Now, if we assume that the host knows where the prize is and always opens an empty door, then q = 1, so P(M|E) = 1/3 and you should switch. But if the host doesnt know and opens a box randomly (as in Deal or no Deal situations) then q=0.5, so P(M|E) = 1/2, and switching makes no difference

[nixbits]

A quick visual summary of the situation:



We are agreed that swapping the boxes in deal or no deal makes no difference to the odds of winning.

Thanks for your comments. I now understand the problem and its solution.

[Venomilys]

in certain situations, yes. You could have opened 20 of the boxes and in the end it is either 1p or 250k. The 20 boxes could represent 1 box.

[nixbits]

In all situations in a deal or no deal game the probability of the player holding the larger value in any specific 2 box game {a,b} (where a and b are any of the prize values) is the same as the probability for the player holding the smaller of the two values in this two box game. So swapping never improves the odds of winning.

[nixbits]

No, it is never a monty hall problem provided the boxes are opened without knowledge of their contents.

[div curl F = 0]

No it isn't. I looked at this before last christmas with another teacher.

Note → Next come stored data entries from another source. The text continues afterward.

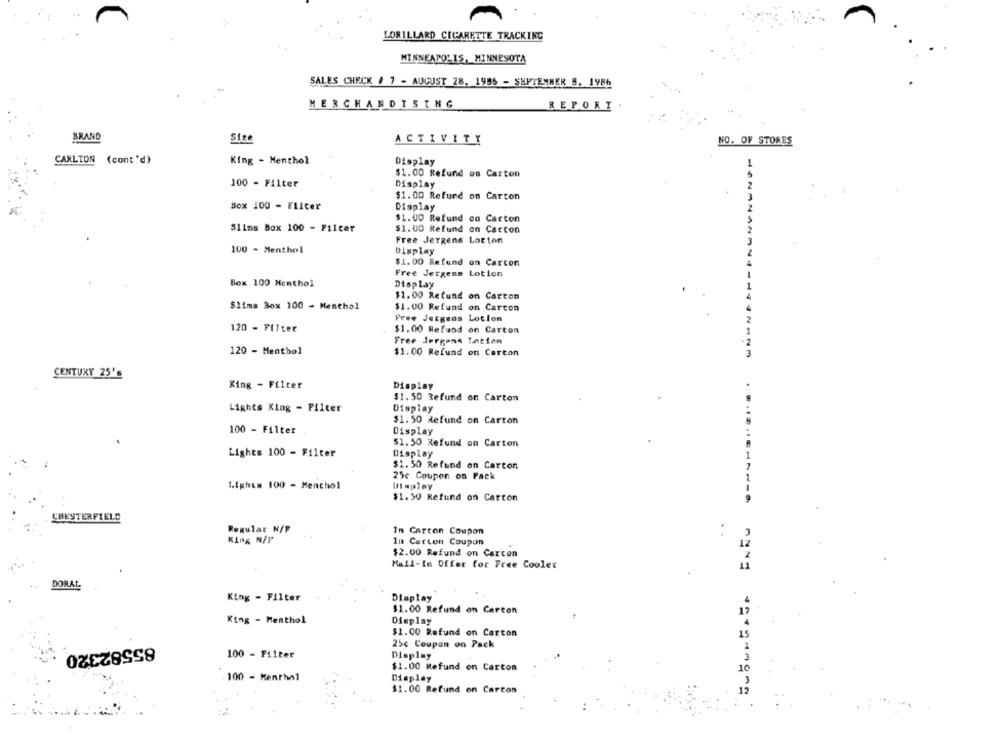
A
LORILLARD CIGARETTE TRACKING
MINNEAPOLIS, MINNESOTA
SALES CHECK # 7 - AUGUST 28. 1956 - SEPTESHER 8. 1986
MERCHANDISING
REPORT
BRAND
Size
ACTIVITY
NO. OF STORES
CARLTON (cont'd)
King - Menthol
Display
$1.00 Refund on Carton
100 - Filter
Display
2
$1.00 Refund on Carton
Box 100 - Filter
Display
$1.00 Refund on Carton
Slims Box 100 - Filter
$1.00 Refund on Carcon
2
INW
Free Jergens Lotton
100 - Menthol
Display
$1.00 Refund on Carcon
Free Jergens Lotion
Box 100 Menthol
Display
$1.00 Refund on Carton
Slima Box 100 - Menthol
$1.00 Refund on Carcon
Free Jergens Lotion
120 - Filter
$1.00 Refund on Carton
Free Jorgene Tation
120 - Menthol
$1.00 Refund on Carton
CENTURY 25's
King - Filter
Display
$1.50 Refund on Carton
Lights King - Filter
Display
$1.50 Refund on Carton
100 - Filter
Display
......
$1. 50 Refund on Carton
Lights 100 - Filter
Display
$1.50 Refund on Carton
25e Coupon on Pack
1.Ights 100 - Menthol
$1.50 Refund on Carcon
CHESTERFIELD
Buburtada ENEu
Regular N/F
In Carcon Coupon
King N/P
la Carton Coupon
$2.00 Refund on Carcon
Mail-In Offer for Free Cooler
DORAL
King - Filter
Display
$1.00 Refund on Carton
King - Menthol
Display
$1.00 Refund on Carton
25c Coupon on Pack
85582320
100 - Filter
Display
$1.00 Mefund on Carton
100 - Menthol
Display
$1.00 Refund on Carton
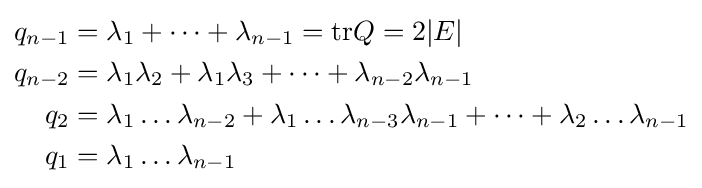
{\begin{aligned}q_{n-1}&=\lambda _{1}+\dots +\lambda _{n-1}=\mathrm {tr} Q=2|E|\\q_{n-2}&=\lambda _{1}\lambda _{2}+\lambda _{1}\lambda _{3}+\dots +\lambda _{n-2}\lambda _{n-1}\\q_{2}&=\lambda _{1}\dots \lambda _{n-2}+\lambda _{1}\dots \lambda _{n-3}\lambda _{n-1}+\dots +\lambda _{2}\dots \lambda _{n-1}\\q_{1}&=\lambda _{1}\dots \lambda _{n-1}\\\end{aligned}}

The Monty Hall setup has the host with knowledge of the layout of the prizes and directly influences the game whereas Deal or No Deal has the host with no knowledge of the layout of the prizes and has no input on the player's game.

This subtle difference makes all the difference.

[tommm]

If you got to the end and were left with 1p and £250,000 and offered the swap, it wouldn't make a difference.

However, if Noel Edmonds knew which box contained the £250,000 and wouldn't let you open it during the game, then it would be similar to Monty Hall and you should swap.

[nixbits]

This raises an interesting point, can we trust that the game truely is random? Yes if it strictly follows the rules since the rules of the deal no deal game set it up to be random. But We can only know that past games have been truely random by analysing the statistics of the outcomes and looking for correlation.

Suppose we were playing a monty hall game with 3 boxes but we didnt know if the host were opening boxes at random or not. The host opens a box to reveal a booby prize. What should we do if offered the swap?

From a statistical point of view always take the swap: for if the game were totally random there will be no statistical disadvantage to swapping but if there were any non randomness there is a statistical advantage to swapping!

Of course 1/2 the number of people who take the swap will loose if the game is random while 1/3will loose if it is non random.

[Dog4444]

Btw, we can expect 1 out of 22 participants to get 250k box, but in reality this number is significantly lower, what might imply that the boxes or players aren't completely taken by random. And the sample size is quite big, thousand games or smth I reckon. Maths got it busted!

[nixbits]

The reason there are many less big prize winners than statistically expected is because the contestants deal at some point in their game! (not because the maths got it wrong!) On average in the uk game the banker would be expected to pay out £26,712 per game if no deals were ever accepted. Recently it was announced that in 1967 games just over £30 million had been paid out which means the average payout per game is about £15000, significantly less than the £26k. This shows the banker is doing his job which is to make offers which minimise the payout but maximise the probability of the offer being accepted.